*What is being asked*: An exact repeat is needed of the lines from the one with "Invasive ductal carcinoma" through the last line of the data below. Please omit the pictures.

Listed records: Begin

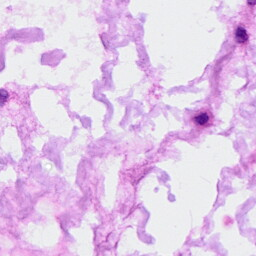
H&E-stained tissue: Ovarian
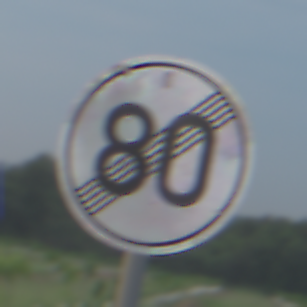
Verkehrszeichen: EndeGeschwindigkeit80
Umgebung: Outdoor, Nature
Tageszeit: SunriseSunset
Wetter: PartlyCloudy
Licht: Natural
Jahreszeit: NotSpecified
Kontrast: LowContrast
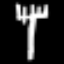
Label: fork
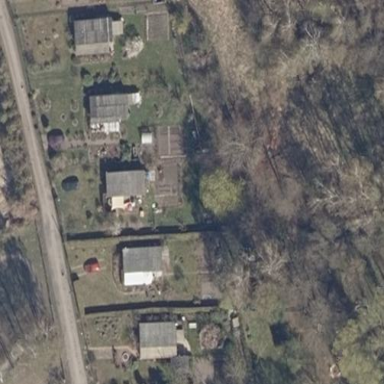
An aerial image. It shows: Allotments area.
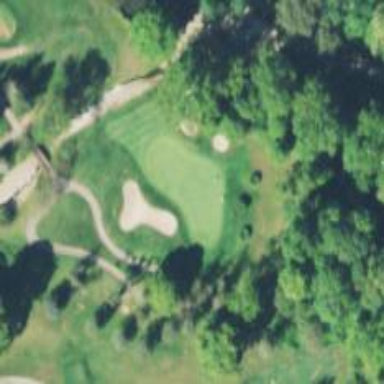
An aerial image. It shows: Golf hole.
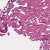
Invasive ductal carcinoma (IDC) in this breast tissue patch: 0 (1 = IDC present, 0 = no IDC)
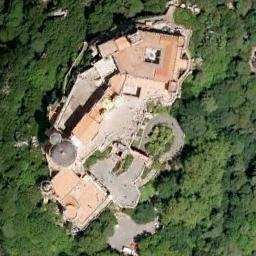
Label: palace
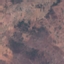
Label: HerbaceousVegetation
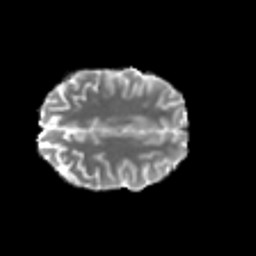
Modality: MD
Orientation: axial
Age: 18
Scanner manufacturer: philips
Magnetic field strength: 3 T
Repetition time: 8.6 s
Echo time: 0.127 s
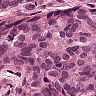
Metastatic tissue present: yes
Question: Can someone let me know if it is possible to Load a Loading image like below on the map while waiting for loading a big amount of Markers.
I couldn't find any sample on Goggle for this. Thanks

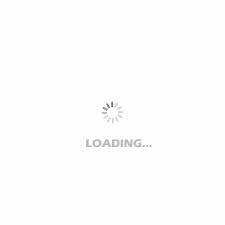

Listed records: End

*Exercise response*:
Invasive ductal carcinoma (IDC) in this breast tissue patch: 0 (1 = IDC present, 0 = no IDC)
Label: palace
Label: HerbaceousVegetation
Modality: MD
Orientation: axial
Age: 18
Scanner manufacturer: philips
Magnetic field strength: 3 T
Repetition time: 8.6 s
Echo time: 0.127 s
Metastatic tissue present: yes
Question: Can someone let me know if it is possible to Load a Loading image like below on the map while waiting for loading a big amount of Markers.
I couldn't find any sample on Goggle for this. Thanks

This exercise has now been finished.